Would you reproduce each line below exactly, leaving every picture out?
***** Supplied entries
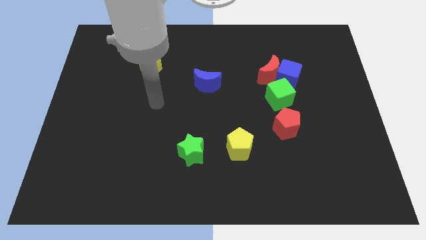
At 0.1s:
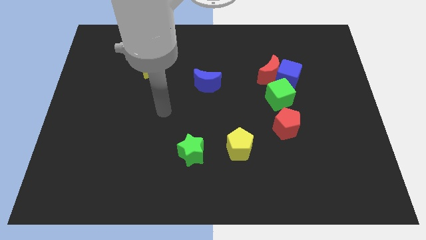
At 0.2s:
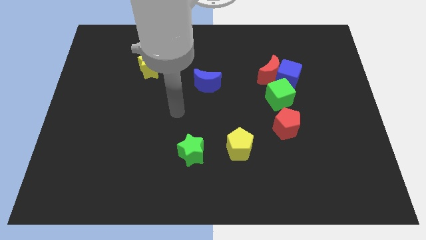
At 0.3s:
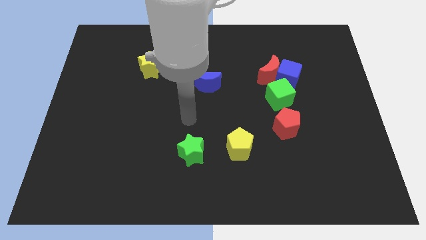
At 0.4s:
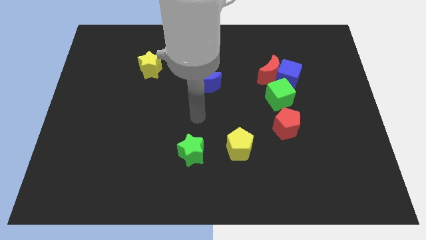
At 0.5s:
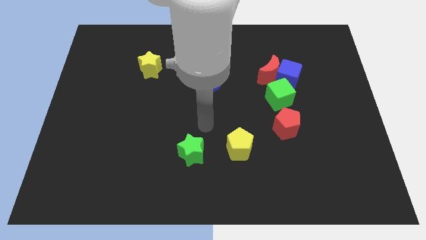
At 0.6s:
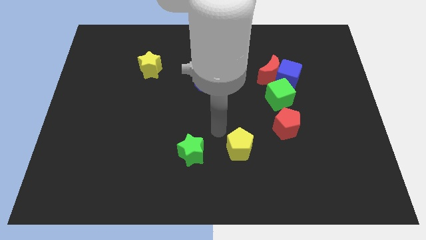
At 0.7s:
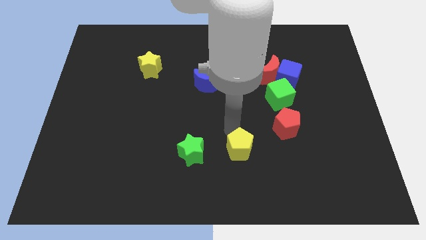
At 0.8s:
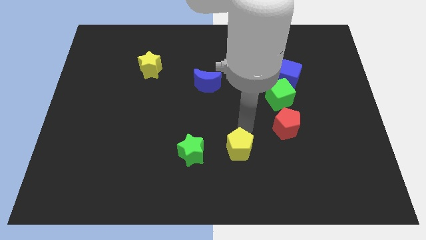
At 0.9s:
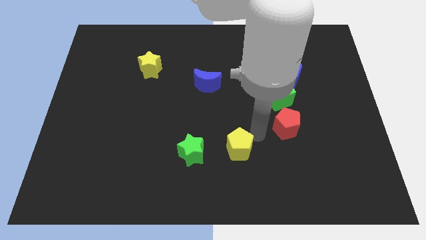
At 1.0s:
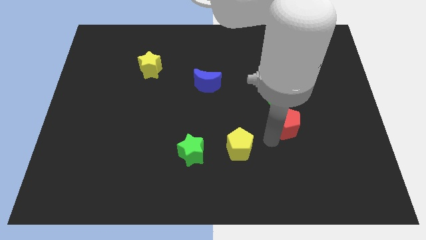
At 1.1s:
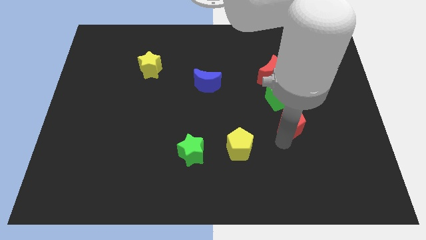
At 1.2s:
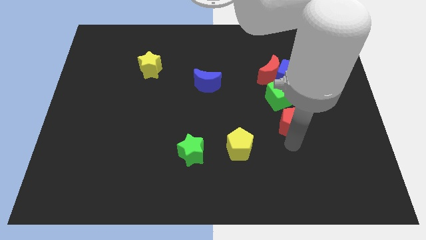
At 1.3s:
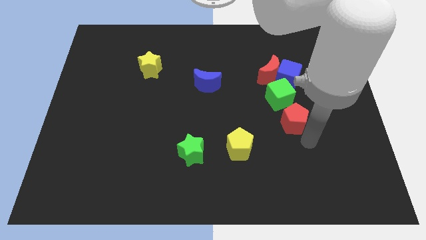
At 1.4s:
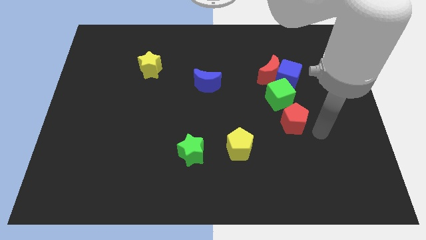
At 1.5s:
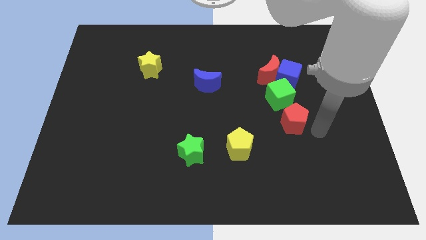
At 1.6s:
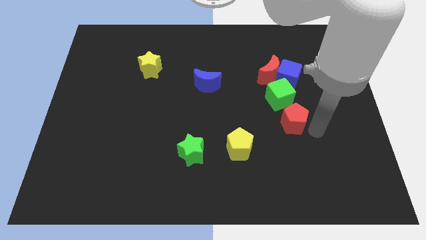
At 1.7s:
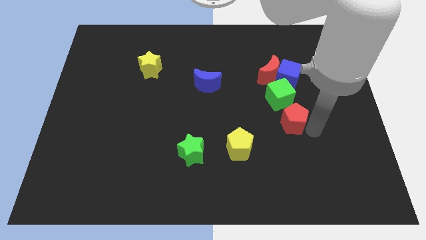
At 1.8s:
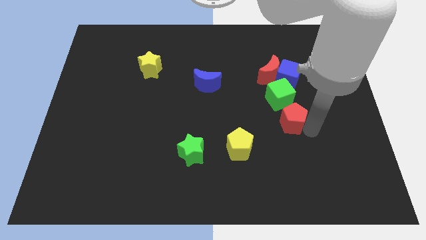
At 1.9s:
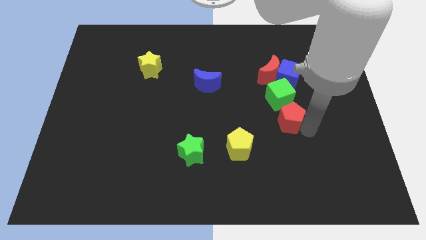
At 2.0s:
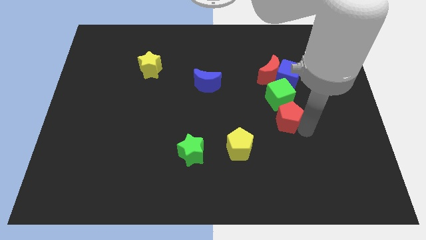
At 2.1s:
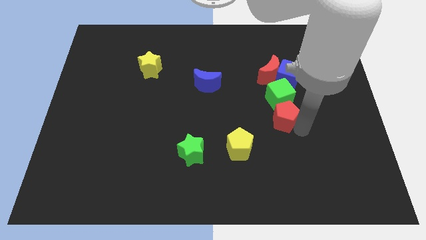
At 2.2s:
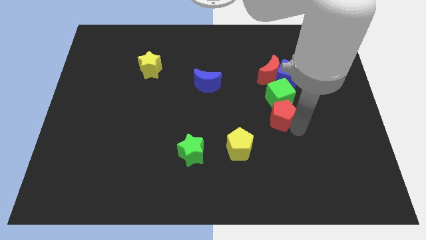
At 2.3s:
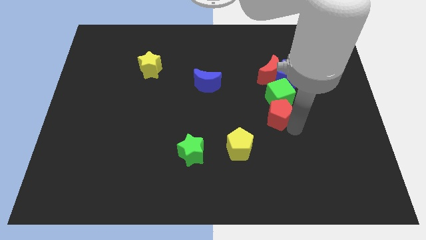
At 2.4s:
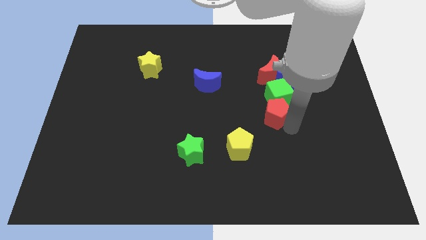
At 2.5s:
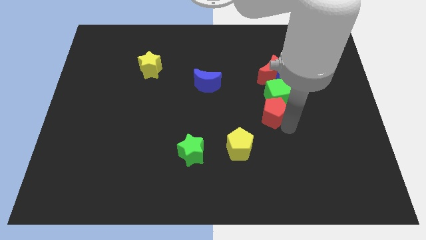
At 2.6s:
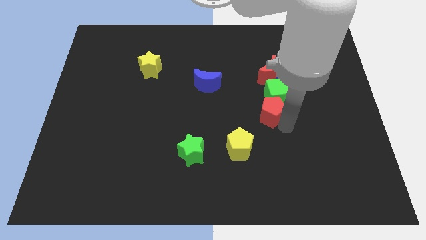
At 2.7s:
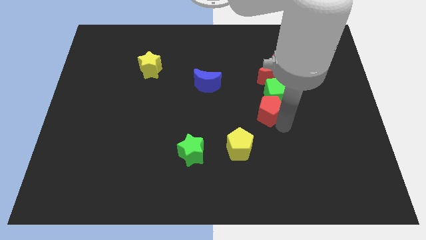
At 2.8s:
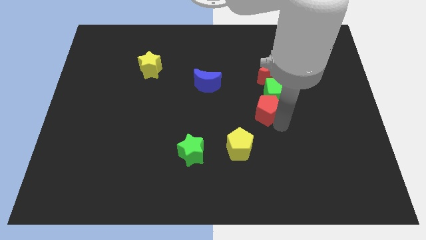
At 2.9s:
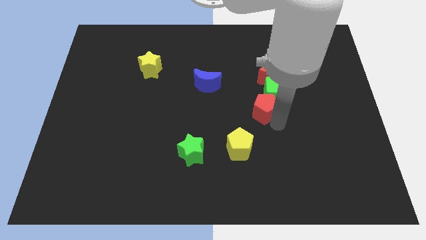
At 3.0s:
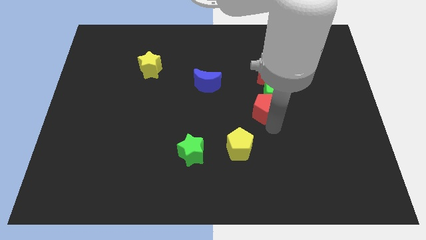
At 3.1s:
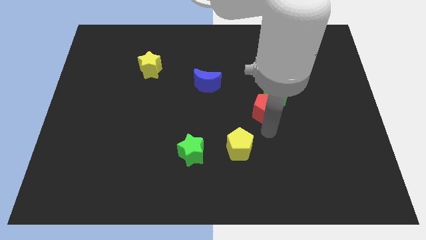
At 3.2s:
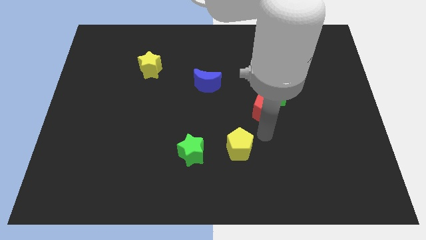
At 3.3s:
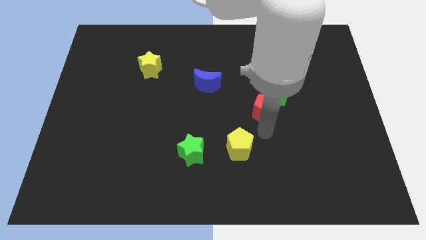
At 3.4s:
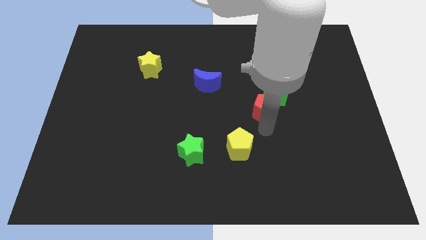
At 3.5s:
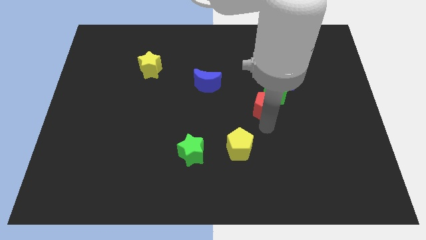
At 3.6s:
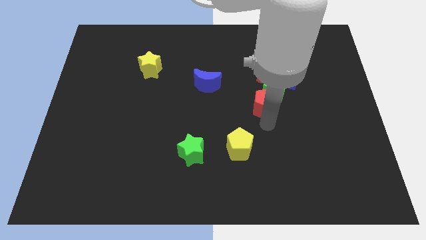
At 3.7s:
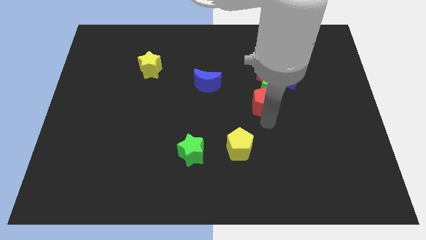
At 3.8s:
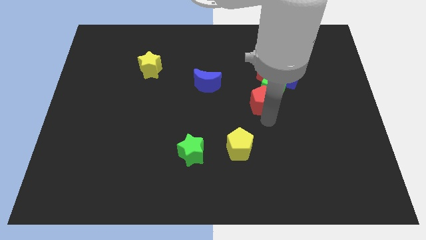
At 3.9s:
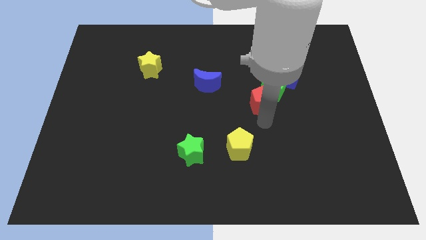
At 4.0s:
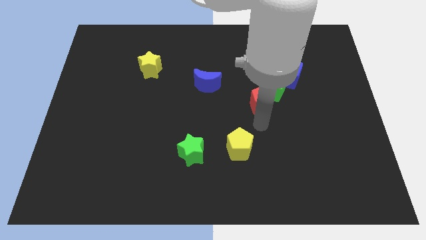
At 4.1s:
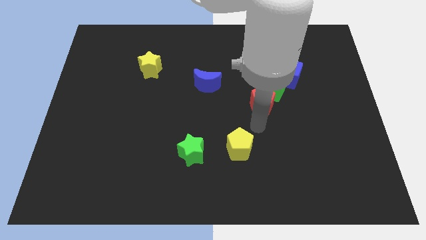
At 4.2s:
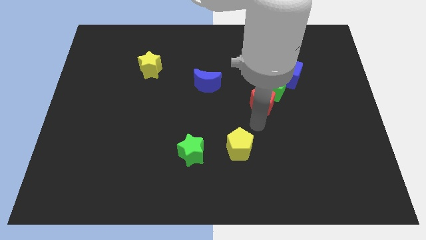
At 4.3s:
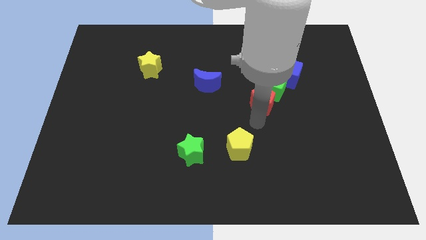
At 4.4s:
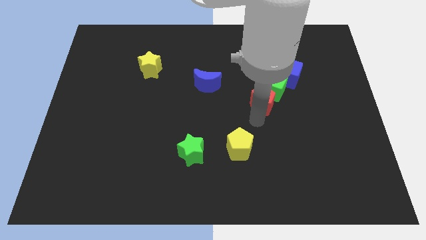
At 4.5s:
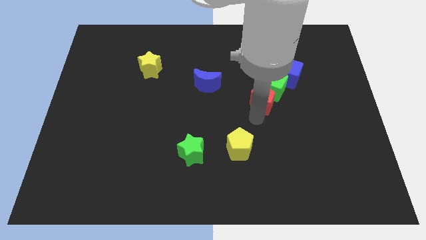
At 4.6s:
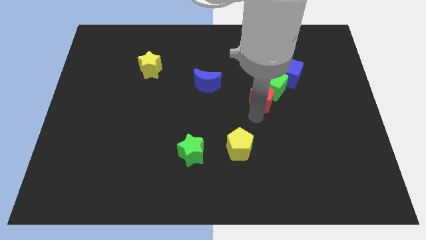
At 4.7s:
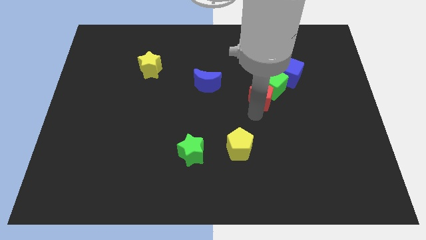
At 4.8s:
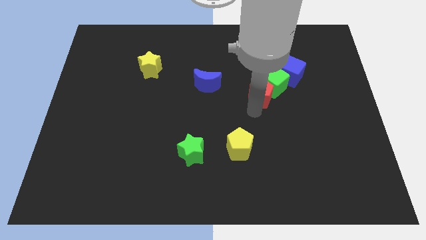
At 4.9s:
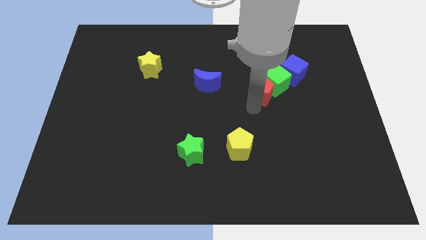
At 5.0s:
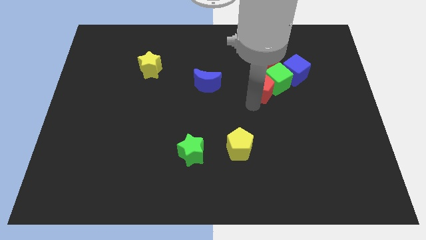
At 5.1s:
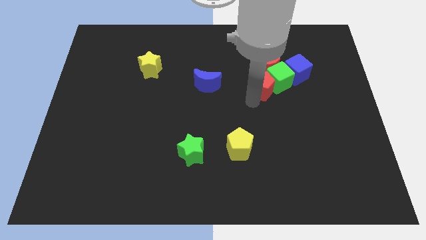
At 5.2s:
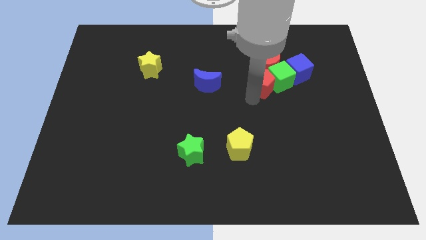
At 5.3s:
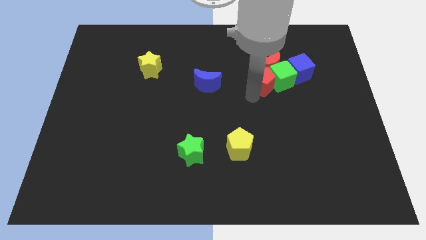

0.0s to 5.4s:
slide the red pentagon close to the red moon
**********
Completed task:
At 0.1s:
At 0.2s:
At 0.3s:
At 0.4s:
At 0.5s:
At 0.6s:
At 0.7s:
At 0.8s:
At 0.9s:
At 1.0s:
At 1.1s:
At 1.2s:
At 1.3s:
At 1.4s:
At 1.5s:
At 1.6s:
At 1.7s:
At 1.8s:
At 1.9s:
At 2.0s:
At 2.1s:
At 2.2s:
At 2.3s:
At 2.4s:
At 2.5s:
At 2.6s:
At 2.7s:
At 2.8s:
At 2.9s:
At 3.0s:
At 3.1s:
At 3.2s:
At 3.3s:
At 3.4s:
At 3.5s:
At 3.6s:
At 3.7s:
At 3.8s:
At 3.9s:
At 4.0s:
At 4.1s:
At 4.2s:
At 4.3s:
At 4.4s:
At 4.5s:
At 4.6s:
At 4.7s:
At 4.8s:
At 4.9s:
At 5.0s:
At 5.1s:
At 5.2s:
At 5.3s:

0.0s to 5.4s:
slide the red pentagon close to the red moon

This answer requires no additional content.